Start of DATA FOR THIS TASK

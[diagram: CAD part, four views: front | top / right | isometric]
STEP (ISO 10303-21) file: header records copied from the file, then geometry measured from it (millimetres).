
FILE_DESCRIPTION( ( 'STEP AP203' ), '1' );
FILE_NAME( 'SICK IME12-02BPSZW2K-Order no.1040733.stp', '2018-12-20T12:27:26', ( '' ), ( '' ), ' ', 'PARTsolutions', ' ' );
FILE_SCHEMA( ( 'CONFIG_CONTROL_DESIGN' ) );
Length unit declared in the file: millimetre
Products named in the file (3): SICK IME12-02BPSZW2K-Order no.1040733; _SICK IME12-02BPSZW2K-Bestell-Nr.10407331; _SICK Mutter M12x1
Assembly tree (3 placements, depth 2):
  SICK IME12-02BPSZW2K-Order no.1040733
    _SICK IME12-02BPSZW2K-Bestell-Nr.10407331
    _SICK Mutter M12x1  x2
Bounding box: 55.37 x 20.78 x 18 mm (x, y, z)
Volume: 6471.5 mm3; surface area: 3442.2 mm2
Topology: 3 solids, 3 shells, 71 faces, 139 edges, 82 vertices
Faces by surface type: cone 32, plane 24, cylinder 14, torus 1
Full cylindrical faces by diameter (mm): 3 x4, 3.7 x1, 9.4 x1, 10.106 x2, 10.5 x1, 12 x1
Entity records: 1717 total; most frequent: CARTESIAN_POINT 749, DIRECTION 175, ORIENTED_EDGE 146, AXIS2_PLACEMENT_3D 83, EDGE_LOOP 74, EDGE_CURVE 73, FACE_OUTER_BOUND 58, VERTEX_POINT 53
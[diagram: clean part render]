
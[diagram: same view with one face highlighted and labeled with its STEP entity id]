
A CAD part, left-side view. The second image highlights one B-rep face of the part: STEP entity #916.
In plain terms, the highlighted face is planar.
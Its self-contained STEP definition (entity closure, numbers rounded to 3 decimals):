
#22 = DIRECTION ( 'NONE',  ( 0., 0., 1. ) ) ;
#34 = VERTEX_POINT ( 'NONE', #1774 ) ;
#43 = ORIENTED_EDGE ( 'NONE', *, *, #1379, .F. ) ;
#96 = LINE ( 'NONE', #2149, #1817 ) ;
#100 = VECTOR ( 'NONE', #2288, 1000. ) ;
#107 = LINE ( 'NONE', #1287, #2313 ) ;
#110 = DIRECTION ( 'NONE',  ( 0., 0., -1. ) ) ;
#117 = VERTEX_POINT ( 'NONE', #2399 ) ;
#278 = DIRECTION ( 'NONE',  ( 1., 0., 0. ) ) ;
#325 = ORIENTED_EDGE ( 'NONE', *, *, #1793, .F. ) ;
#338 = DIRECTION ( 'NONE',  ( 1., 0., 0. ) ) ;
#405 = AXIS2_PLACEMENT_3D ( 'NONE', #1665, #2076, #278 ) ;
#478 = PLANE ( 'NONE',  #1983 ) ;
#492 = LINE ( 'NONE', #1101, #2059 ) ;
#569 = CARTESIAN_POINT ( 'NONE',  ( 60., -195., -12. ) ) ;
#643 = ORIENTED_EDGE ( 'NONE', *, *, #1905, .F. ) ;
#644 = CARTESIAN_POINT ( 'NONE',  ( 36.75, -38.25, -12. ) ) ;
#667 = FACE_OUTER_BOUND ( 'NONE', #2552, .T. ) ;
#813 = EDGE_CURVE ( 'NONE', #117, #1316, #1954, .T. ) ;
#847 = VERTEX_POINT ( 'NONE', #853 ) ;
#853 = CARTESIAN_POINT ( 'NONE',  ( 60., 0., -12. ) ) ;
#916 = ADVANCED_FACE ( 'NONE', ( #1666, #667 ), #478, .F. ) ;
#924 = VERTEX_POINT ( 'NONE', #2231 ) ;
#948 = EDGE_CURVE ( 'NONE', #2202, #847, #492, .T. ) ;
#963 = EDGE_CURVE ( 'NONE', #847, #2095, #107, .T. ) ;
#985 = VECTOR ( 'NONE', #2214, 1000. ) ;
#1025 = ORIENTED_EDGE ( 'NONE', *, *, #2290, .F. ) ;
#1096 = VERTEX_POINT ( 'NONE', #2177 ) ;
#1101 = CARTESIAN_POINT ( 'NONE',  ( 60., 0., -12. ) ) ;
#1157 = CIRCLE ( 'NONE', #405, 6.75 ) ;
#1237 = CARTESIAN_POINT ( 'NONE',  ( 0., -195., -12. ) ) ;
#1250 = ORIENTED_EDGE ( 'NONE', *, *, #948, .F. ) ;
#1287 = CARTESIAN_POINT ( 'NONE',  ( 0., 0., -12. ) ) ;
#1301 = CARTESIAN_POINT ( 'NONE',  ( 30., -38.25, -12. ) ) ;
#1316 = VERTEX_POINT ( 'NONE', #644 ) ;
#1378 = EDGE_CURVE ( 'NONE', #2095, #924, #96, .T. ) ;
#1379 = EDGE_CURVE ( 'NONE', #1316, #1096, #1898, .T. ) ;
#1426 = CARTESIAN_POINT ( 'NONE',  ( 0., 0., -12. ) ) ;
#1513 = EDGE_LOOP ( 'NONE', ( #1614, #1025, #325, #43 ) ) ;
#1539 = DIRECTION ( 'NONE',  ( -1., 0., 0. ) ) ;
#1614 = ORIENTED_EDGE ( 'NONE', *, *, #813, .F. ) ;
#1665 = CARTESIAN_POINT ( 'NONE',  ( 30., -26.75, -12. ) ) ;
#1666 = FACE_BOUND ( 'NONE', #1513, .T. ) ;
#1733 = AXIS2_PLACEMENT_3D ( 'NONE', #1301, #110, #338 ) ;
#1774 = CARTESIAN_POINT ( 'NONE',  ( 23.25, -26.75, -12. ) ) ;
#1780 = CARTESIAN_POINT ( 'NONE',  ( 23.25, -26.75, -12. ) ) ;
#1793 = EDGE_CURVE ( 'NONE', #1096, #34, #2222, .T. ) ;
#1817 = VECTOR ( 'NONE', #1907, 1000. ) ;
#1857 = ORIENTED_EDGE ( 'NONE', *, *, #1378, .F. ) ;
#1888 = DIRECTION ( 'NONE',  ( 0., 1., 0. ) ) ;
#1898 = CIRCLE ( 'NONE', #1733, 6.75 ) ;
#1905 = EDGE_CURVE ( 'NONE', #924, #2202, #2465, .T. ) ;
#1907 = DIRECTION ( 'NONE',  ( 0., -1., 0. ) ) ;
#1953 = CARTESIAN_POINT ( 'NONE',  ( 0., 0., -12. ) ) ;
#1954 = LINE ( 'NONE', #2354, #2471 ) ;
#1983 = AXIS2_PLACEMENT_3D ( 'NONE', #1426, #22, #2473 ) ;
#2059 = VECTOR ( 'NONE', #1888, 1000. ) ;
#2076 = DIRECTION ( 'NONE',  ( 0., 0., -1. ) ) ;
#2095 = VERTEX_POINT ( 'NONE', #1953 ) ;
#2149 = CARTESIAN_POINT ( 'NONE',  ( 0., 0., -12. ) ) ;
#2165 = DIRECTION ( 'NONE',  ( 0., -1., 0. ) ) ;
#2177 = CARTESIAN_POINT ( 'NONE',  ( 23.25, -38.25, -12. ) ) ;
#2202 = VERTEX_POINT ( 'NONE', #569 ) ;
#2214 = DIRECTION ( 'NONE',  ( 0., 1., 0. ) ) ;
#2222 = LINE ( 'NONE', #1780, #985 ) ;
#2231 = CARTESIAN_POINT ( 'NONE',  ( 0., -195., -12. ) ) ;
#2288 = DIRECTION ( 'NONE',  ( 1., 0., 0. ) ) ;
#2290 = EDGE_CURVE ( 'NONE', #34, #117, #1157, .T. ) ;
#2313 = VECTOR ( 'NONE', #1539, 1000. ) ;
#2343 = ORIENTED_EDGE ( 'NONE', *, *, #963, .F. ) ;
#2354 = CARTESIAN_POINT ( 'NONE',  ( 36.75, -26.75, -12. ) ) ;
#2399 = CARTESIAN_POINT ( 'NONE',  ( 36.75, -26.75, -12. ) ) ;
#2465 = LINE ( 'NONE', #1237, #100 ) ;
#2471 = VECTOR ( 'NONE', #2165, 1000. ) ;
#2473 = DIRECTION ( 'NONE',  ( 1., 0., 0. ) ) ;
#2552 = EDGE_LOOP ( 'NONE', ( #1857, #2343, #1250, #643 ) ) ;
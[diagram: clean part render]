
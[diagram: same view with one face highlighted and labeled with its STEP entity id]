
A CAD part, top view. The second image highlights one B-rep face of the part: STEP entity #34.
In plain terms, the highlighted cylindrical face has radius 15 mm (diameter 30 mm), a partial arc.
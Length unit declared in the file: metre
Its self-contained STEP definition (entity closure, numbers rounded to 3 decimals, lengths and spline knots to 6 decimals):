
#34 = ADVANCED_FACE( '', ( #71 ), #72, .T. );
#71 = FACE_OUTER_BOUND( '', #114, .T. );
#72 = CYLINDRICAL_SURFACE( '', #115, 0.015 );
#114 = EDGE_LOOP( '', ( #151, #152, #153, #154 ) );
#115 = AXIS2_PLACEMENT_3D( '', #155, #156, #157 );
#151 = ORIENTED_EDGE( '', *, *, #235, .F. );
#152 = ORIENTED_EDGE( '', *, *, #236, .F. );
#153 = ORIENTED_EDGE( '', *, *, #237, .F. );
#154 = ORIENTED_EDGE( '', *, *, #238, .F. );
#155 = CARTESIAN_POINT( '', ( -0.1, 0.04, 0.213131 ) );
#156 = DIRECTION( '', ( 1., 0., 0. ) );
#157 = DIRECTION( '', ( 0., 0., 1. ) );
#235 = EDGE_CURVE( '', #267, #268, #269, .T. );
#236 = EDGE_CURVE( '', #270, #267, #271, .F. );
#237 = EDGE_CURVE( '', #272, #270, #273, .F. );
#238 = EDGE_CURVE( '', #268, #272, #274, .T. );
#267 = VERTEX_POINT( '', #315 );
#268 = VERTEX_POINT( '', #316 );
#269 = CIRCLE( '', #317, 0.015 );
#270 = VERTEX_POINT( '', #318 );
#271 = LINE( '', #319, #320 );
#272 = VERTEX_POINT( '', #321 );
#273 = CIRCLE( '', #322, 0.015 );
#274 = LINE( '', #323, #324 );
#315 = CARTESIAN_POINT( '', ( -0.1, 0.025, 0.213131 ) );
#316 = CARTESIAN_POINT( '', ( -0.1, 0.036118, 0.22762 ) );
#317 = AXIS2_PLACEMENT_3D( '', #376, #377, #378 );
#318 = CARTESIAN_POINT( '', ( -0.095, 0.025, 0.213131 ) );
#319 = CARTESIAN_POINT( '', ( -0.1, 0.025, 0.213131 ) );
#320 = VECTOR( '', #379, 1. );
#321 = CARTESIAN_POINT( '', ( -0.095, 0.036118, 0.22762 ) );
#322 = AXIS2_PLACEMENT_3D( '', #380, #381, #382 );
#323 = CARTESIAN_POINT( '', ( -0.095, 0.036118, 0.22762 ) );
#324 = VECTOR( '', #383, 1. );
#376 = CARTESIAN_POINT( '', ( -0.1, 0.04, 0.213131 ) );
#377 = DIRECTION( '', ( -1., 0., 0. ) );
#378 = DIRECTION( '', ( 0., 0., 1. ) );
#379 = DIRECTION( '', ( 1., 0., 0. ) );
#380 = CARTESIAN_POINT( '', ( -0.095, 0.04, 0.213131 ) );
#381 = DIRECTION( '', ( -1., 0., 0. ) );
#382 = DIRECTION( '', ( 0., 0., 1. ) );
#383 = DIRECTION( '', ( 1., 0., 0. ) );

End of DATA FOR THIS TASK

AIM OF THE TASK: Proceeding from the line containing "#267 = VERTEX_POINT( '', #315 );" through the line containing "#320 = VECTOR( '', #379, 1. );", transcribe the lines above exactly, both end lines included.

ANSWER TO THIS EXERCISE:
#267 = VERTEX_POINT( '', #315 );
#268 = VERTEX_POINT( '', #316 );
#269 = CIRCLE( '', #317, 0.015 );
#270 = VERTEX_POINT( '', #318 );
#271 = LINE( '', #319, #320 );
#272 = VERTEX_POINT( '', #321 );
#273 = CIRCLE( '', #322, 0.015 );
#274 = LINE( '', #323, #324 );
#315 = CARTESIAN_POINT( '', ( -0.1, 0.025, 0.213131 ) );
#316 = CARTESIAN_POINT( '', ( -0.1, 0.036118, 0.22762 ) );
#317 = AXIS2_PLACEMENT_3D( '', #376, #377, #378 );
#318 = CARTESIAN_POINT( '', ( -0.095, 0.025, 0.213131 ) );
#319 = CARTESIAN_POINT( '', ( -0.1, 0.025, 0.213131 ) );
#320 = VECTOR( '', #379, 1. );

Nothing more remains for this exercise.